Menko Polhukam Mahfud MD menyatakan pemerintah setuju terkait pasal pidana bagi LGBT di RUU KUHP. Sikap Mahfud MD dinilai sarat agenda politik dan menyebar kebencian pada kelompok minoritas.
Iklan
Menteri Koordinator bidang Politik, Hukum, dan Keamanan (Menko Polhukam), Mahfud MD, menyatakan setuju pada munculnya pasal pidana bagi lesbian, gay, biseksual, dan transgender (LGBT). Menurut Mahfud, pasal pidana bagi LGBT di Indonesia tengah digodok dalam Rancangan Undang-Undang Kitab Undang-Undang Hukum Pidana (RUU KUHP).
"Iya (LGBT bisa dipidana). Di RUU KUHP dipidana. Di RUU KUHP sudah masuk, bahwa dalam cara-cara tertentu dilarang dan ada ancaman pidananya. Kan gitu. Tetapi waktu itu kan ribut. Karena ribut, ya ditunda," ungkap Mahfud Md dalam acara Simposium Nasional Hukum Tata Negara di Nusa Dua, Bali (18/5).

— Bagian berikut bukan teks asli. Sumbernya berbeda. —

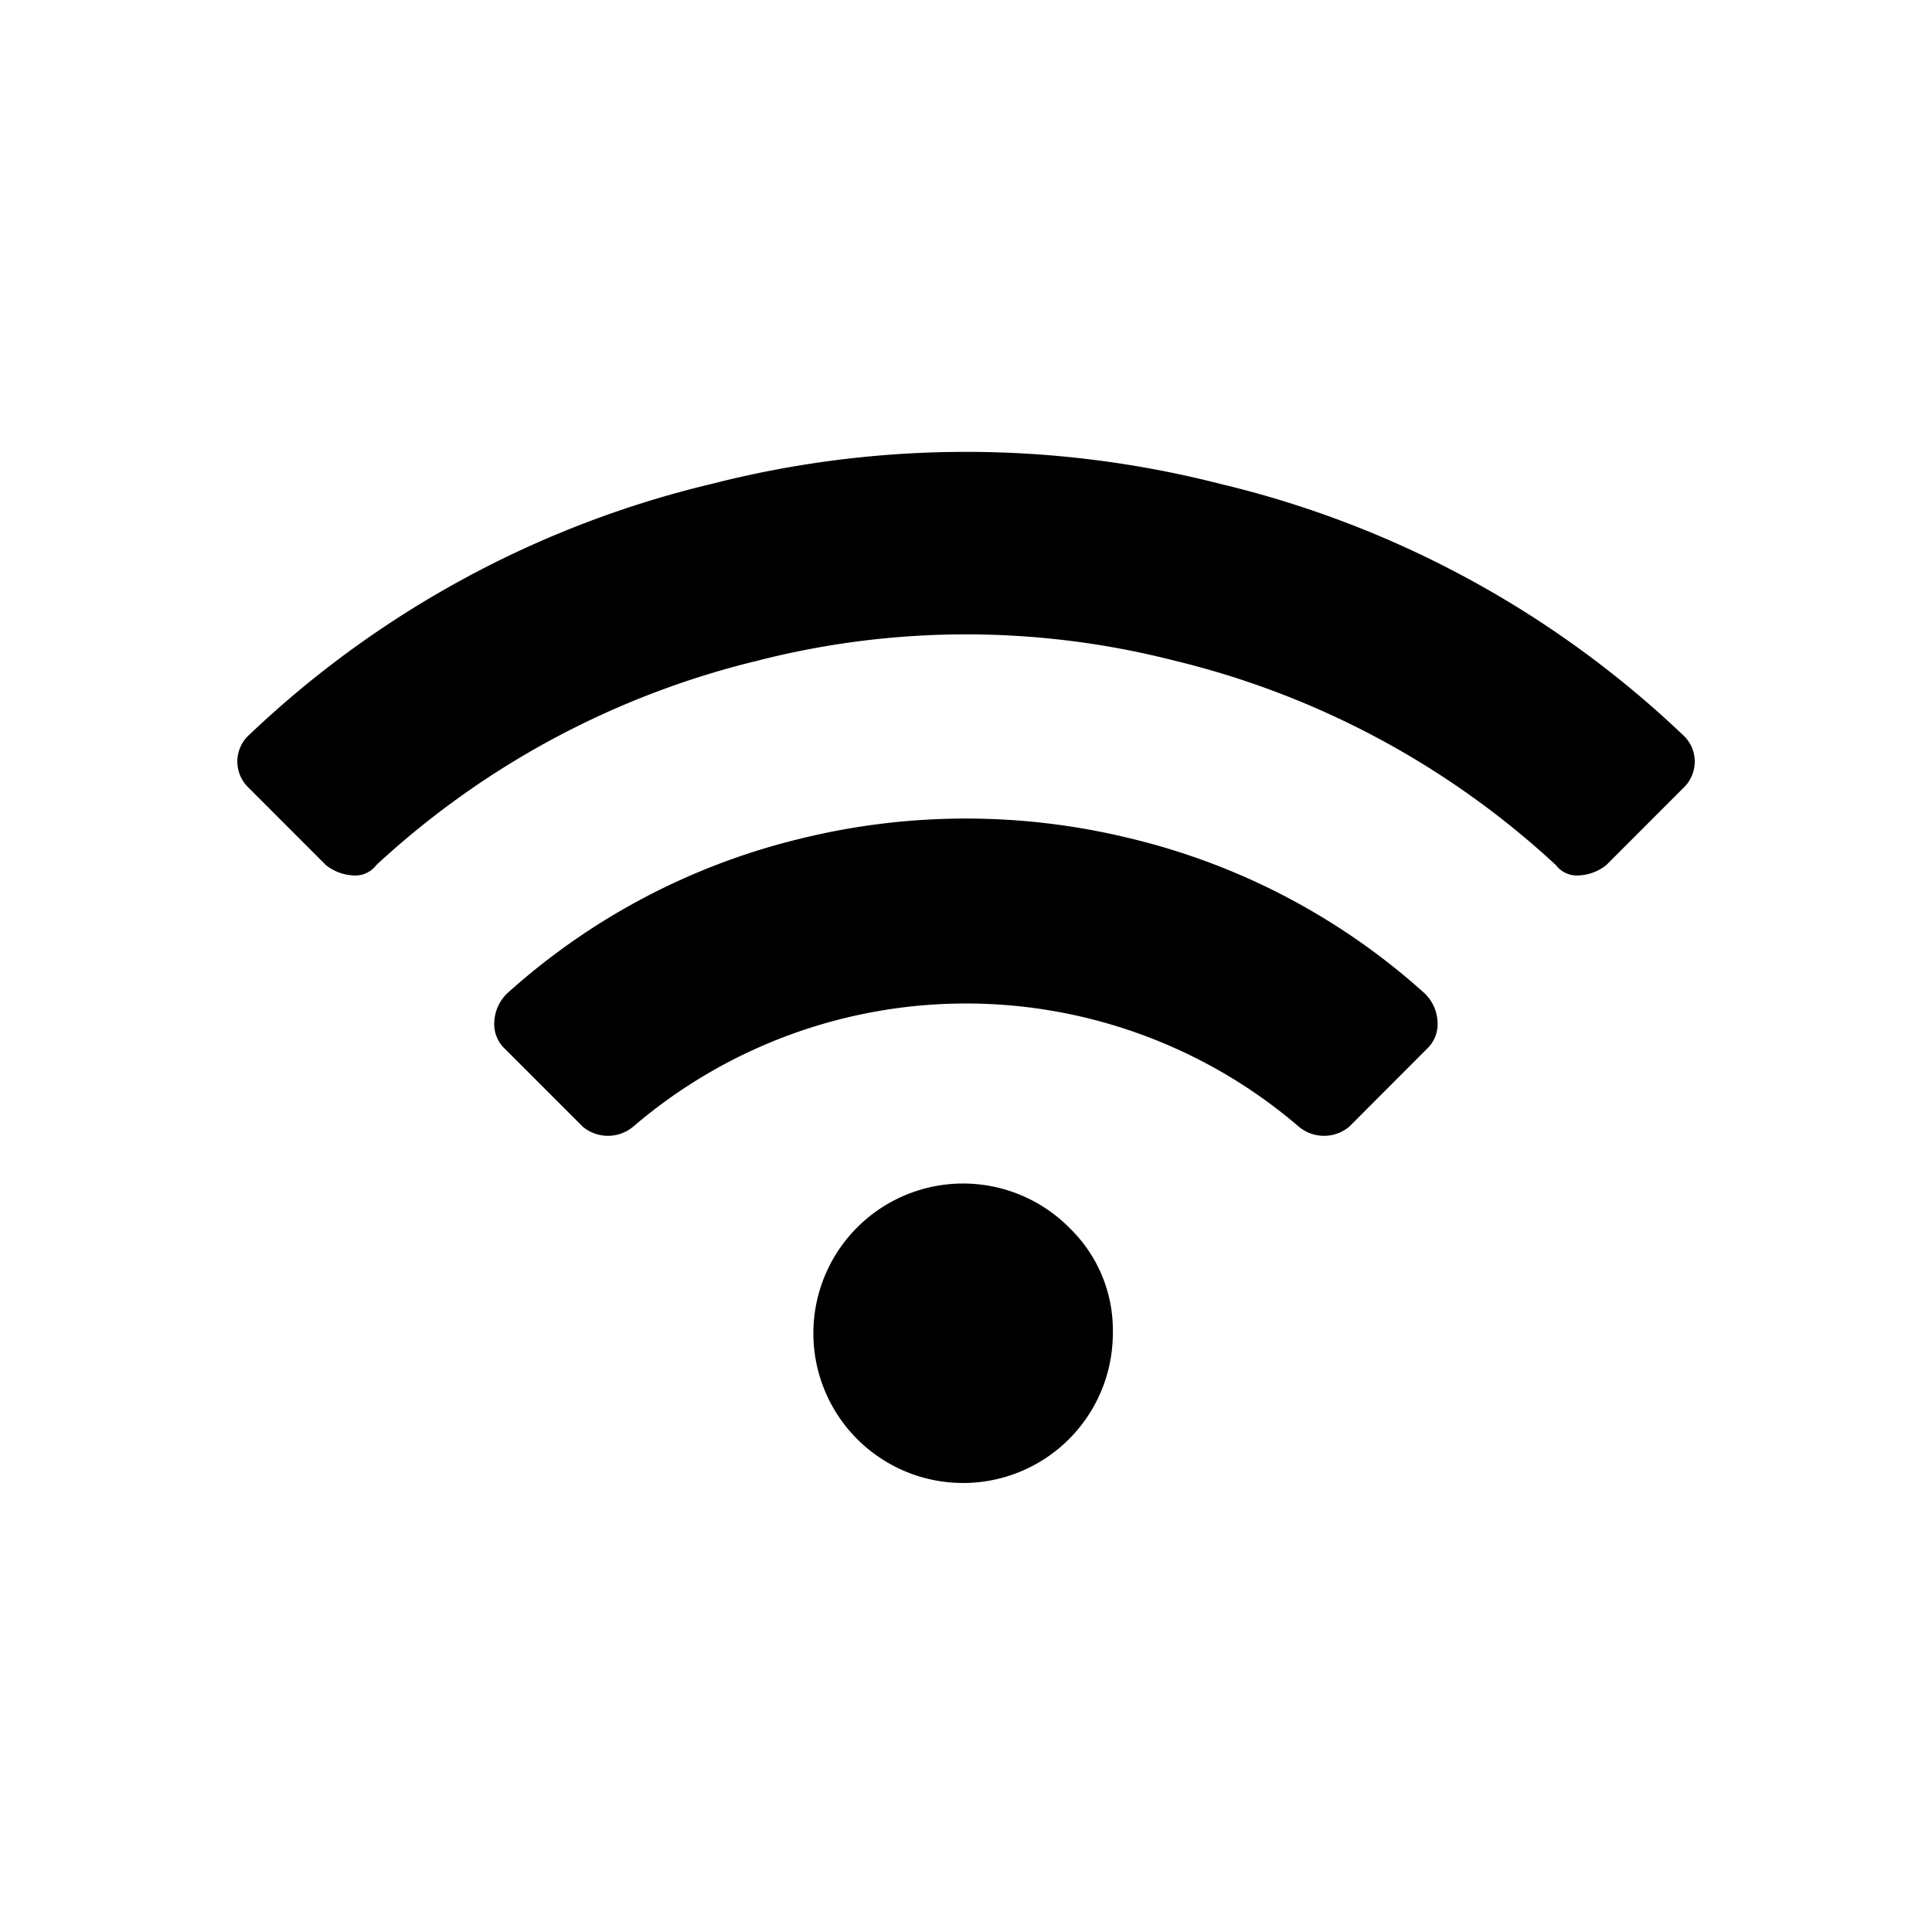<svg xmlns="http://www.w3.org/2000/svg" viewBox="0 0 500 500">
  
  <title>WiFi</title>
  <path class="a" d="M415.72,223.87a12.23,12.23,0,0,1-6.83,2.67,6.85,6.85,0,0,1-6.24-2.67A221.75,221.75,0,0,0,304.05,171,217.2,217.2,0,0,0,196,171a221.75,221.75,0,0,0-98.6,52.87,6.85,6.85,0,0,1-6.24,2.67,12.23,12.23,0,0,1-6.83-2.67l-20.19-20.2A9.34,9.34,0,0,1,64.68,190a261.39,261.39,0,0,1,119.39-64.74,265.46,265.46,0,0,1,131.86,0A261.39,261.39,0,0,1,435.32,190a9.34,9.34,0,0,1,.59,13.66Zm-66.53,67.71a10.18,10.18,0,0,1-13.06,0,132.3,132.3,0,0,0-172.26,0,10.18,10.18,0,0,1-13.06,0l-20.2-20.2a8.75,8.75,0,0,1-2.67-7.12,10.88,10.88,0,0,1,3.27-7.13,174.38,174.38,0,0,1,76-40.1,178.83,178.83,0,0,1,85.54,0,174.38,174.38,0,0,1,76,40.1,10.88,10.88,0,0,1,3.27,7.13,8.75,8.75,0,0,1-2.67,7.12ZM277,318a38.75,38.75,0,1,0,11,27A36.74,36.74,0,0,0,277,318Z"/>
</svg>

Menko Polhukam juga menyatakan sepakat dengan rumusan LGBT di RUU KUHP. "Kalau saya sejak dulu ya sudah, sudah bener rumusannya. Kalau masih ada yang tidak setuju, sampai kapan volume yang setuju itu di Indonesia? Jadi disahkan saja. Kalau nggak, ya diperkarakan saja ke MK, dinilai oleh MK. Kan sudah ada prosedurnya," tegas Mahfud.
Hak-hak LGBT di Asia - Perjuangan Yang Berat
Bisa dibilang hak LGBT agak membaik di beberapa negara Asia dalam beberapa tahun terakhir. Tapi tetap saja tidak mudah hidup secara terbuka bagi komunitas LGBT, termasuk di Indonesia.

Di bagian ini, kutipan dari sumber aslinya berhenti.